Why does AR(P) = MA(P)

Question

I am working my way through lecture notes from an econometrics course taught at Ohio State University on time series analysis. The current set of notes I am on (https://www.asc.ohio-state.edu/de-jong.8/note2.pdf) discusses ARMA models.

On page 2 the notes introduce the lag operator ($ Lx_t = x_{t-1}; L^{k}x_{t} = x_{t-k}$) and then gives the following definitions:

let

$$\epsilon_t = WN(0,\sigma^{2})$$

$$ \phi(L) = 1 - \phi_{1}L - \phi_{2}L^{2} - ... - \phi_{p}L^{p} $$

$$ \theta(L) = 1 + \theta_{1}L + \theta_{2}L^{2}...+\theta_{p}L^{q} $$

AR : $\phi(L)x_{t} = \epsilon_{t}$

MA : $x_{t} = \theta(L)\epsilon_{t}$

ARMA : $\phi(L)x_{t} = \theta(L)\epsilon_{t}$

I cannot see why the final expression follows, unless $x_{t} = 0$. An ARMA model is $x_{t} = AR(p) + MA(p)$. The terms in the above AR definition are negative, so adding AR to both sides would give $x_{t} + AR(P) = MA(P)$, but that isn't what the notes say.
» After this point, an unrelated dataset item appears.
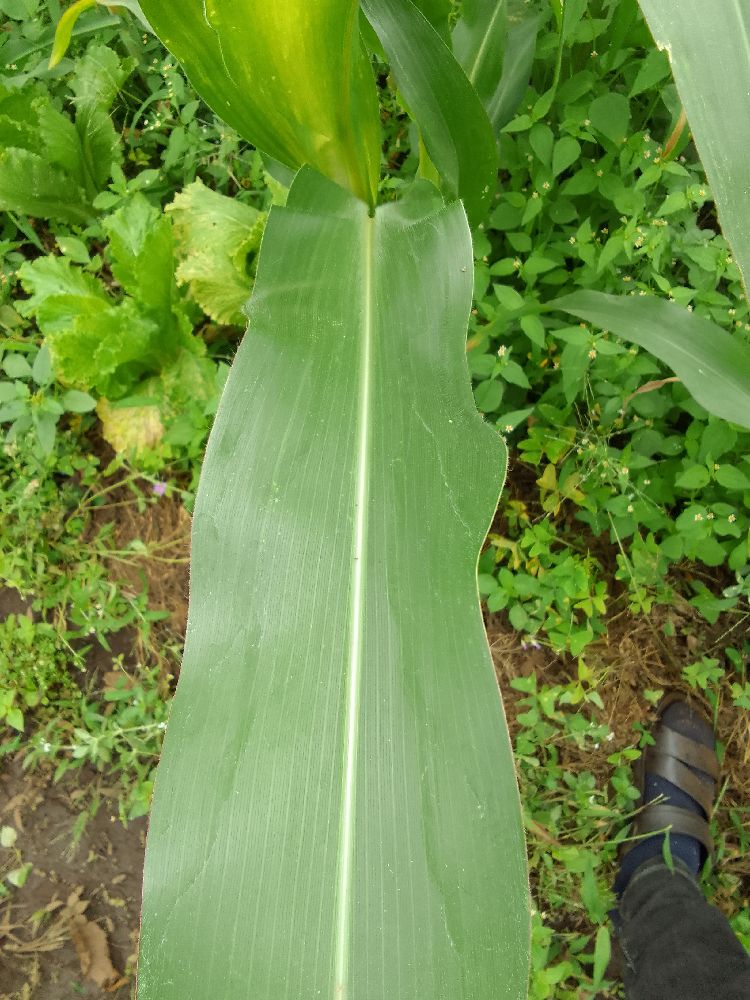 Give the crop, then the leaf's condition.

maize, healthy

Can anyone with a bigger brain than me (plenty of you in here!) explain what I've missed?

Answer 1

There is already an answer to this question, but since I also had trouble understanding AR, MA, and ARMA models when I first learned about them, I want to share what helped me understand the models better:

Consider the equation $$\Psi(L)x_t = \Xi(L)\epsilon_t,$$ where $\Psi$ and $\Xi$ are functions of the linear operator $L : S^T\rightarrow S^T$ with $S^T$ denoting the set of all functions $T\rightarrow S$. Typical choices are $T = \mathbb N$ and $S = \mathbb R$, or $S = \mathbb R^d$.

Now $\Psi$ and $\Xi$ are functions of $L$. Let's consider some particular choices for $\Psi$ and $\Xi$:

• Let $\Psi = 1$ and $\Xi = 1$, where $1$ is not the number 1, but the identity operator, i. e. $1(L) = L$. The resulting equation is $$x_t = \epsilon_t.$$ This model is (trivially) white noise.
• Let $\Psi = \phi$ and $\Xi = 1$, where $\phi$ is some polynomial of degree $p$, i. e. $\phi(L) = 1 - \phi_1 L - \phi_2 L^2 - \dots - \phi_p L^p$. Note that $1$ corresponds again to the identity operator and not the number. The resulting equation is $$x_t - \phi_1 x_{t-1} - \phi_2 x_{t-2} - \dots - \phi_p x_{t-p} = \epsilon_t.$$ This model is called AR process.
• Let $\Psi = 1$ and $\Xi = \theta$, where $\theta$ is some polynomial of degree $q$, i. e. $\theta(L) = 1 + \theta_0 L + \theta_2 L^2 + \dots + \theta_q L^q$. Note that $1$ corresponds again to the identity operator and not the number. The resulting equation is $$x_t = \theta_0\epsilon_t + \theta_1\epsilon_{t-1} + \theta_2\epsilon_{t-2} + \dots + \theta_q\epsilon_{t-q}.$$ This model is called MA process.
• Let $\Psi = \phi$ and $\Xi = \theta$, where $\theta$ and $\phi$ are defined as before. The resulting equation is $$x_t - \phi_1 x_{t-1} - \phi_2 x_{t-2} - \dots - \phi_p x_{t-p} = \epsilon_t + \epsilon_{t-1} + \epsilon_{t-2} + \dots + \epsilon_{t-q}.$$ This process is called ARMA process, because it combined both AR and MA process.

There are, of course, other possible choices for $\Psi$ and $\Xi$, e. g. the operator exponential $\operatorname{Exp}$, an affine shift, a scaling, ...
However, the polynomial functions have some handy properties and thus are particularly interesting to study.

Answer 2

Unless I'm misunderstanding you here. ARMA representation does not come from adding AR and MA. AR stands for autoregression, and MA stands for moving average. So ARMA is simply having both the 'AR' feature $\phi(L)x_t$ and the 'MA' feature $\theta(L)\epsilon_t$. Also there's a constant 1 in both polynomials, so adding $x_t$ again would not make much sense.